Hidden Dynamic Models for Speech Processing Applications

TitleHidden Dynamic Models for Speech Processing Applications
Publication TypeThesis
Year of Publication2004
AuthorsLee, L. J.
Academic DepartmentDepartment of Electrical & Computer Engineering
UniversityUniversity of Waterloo
CityWaterloo, Ontario, Canada
Thesis TypePh.D. Thesis

Human speech has a dual nature: the goal of speech is to convey discrete linguistic symbols corresponding to the intended message while the actual speech signal is produced by the continuous and smooth movement of the articulators with rich temporal structures. Such a dual nature has been amazingly utilized by humans in a beneficial way but has presented a big challenge for both speech science and speech technology.
This thesis starts with the observation that the continuous or dynamic aspect of human speech is inadequately modeled in current speech technology, especially in state-of-the-art speech recognition systems, while much could be learned from recent advances in speech science. This motivates a study of articulatory dynamics, based on a recently available large scale speech production database that provides simultaneous acoustic and articulatory measurements. Indeed many insights and valuable experiences have been gained from such a study and, as a result, a hidden dynamic model (HDM) that gracefully integrates the discrete and continuous nature of speech is proposed. But it also turns out that articulatory dynamics is highly complicated and can not be captured by simple models, thus the dynamics are very difficult to put into an efficient computational framework for use in speech technology.

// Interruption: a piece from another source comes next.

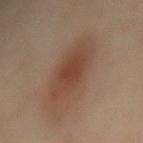Captured during whole-body skin photography for melanoma surveillance; the lesion was not biopsied. Approximately 8 mm at its widest. This is a cross-polarized tile. The patient is a female roughly 55 years of age. The total-body-photography lesion software estimated an area of roughly 18 mm². The software also gave a lesion color around L≈44 a*≈19 b*≈28 in CIELAB and a normalized border contrast of about 8. The software also gave a border-irregularity index near 3/10, a color-variation rating of about 3/10, and radial color variation of about 0.5. The analysis additionally found a classifier nevus-likeness of about 100/100 and a lesion-detection confidence of about 100/100. On the mid back. This image is a 15 mm lesion crop taken from a total-body photograph.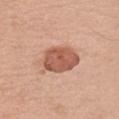biopsy status: no biopsy performed (imaged during a skin exam) | tile lighting: white-light | location: the chest | imaging modality: 15 mm crop, total-body photography | image-analysis metrics: a lesion color around L≈57 a*≈25 b*≈30 in CIELAB, a lesion–skin lightness drop of about 14, and a lesion-to-skin contrast of about 9 (normalized; higher = more distinct); a border-irregularity index near 2/10 and a within-lesion color-variation index near 3.5/10 | patient: male, in their mid- to late 50s.

As a continuing effort to seek internal dynamics of human speech that can reflect the continuous shape change of the vocal tract and benefit the current speech technology, the second part of the thesis turns to a study of vocal-tract-resonance (VTR) dynamics, built upon the insights and experiences gained from studying articulatory dynamics. It verifies that VTR dynamics can be captured by simple dynamic equations, and a highly accurate and efficient piecewise linear mapping from VTR dynamics to the acoustic space is also carefully designed. Two novel VTR tracking methods are developed in this part: one is based on mimicking manual tracking of VTR dynamics by human experts and uses advanced image processing methods (active contours), the other is the natural outcome of formulating a HDM for VTR dynamics and recovering the hidden dynamics by Kalman smoothing.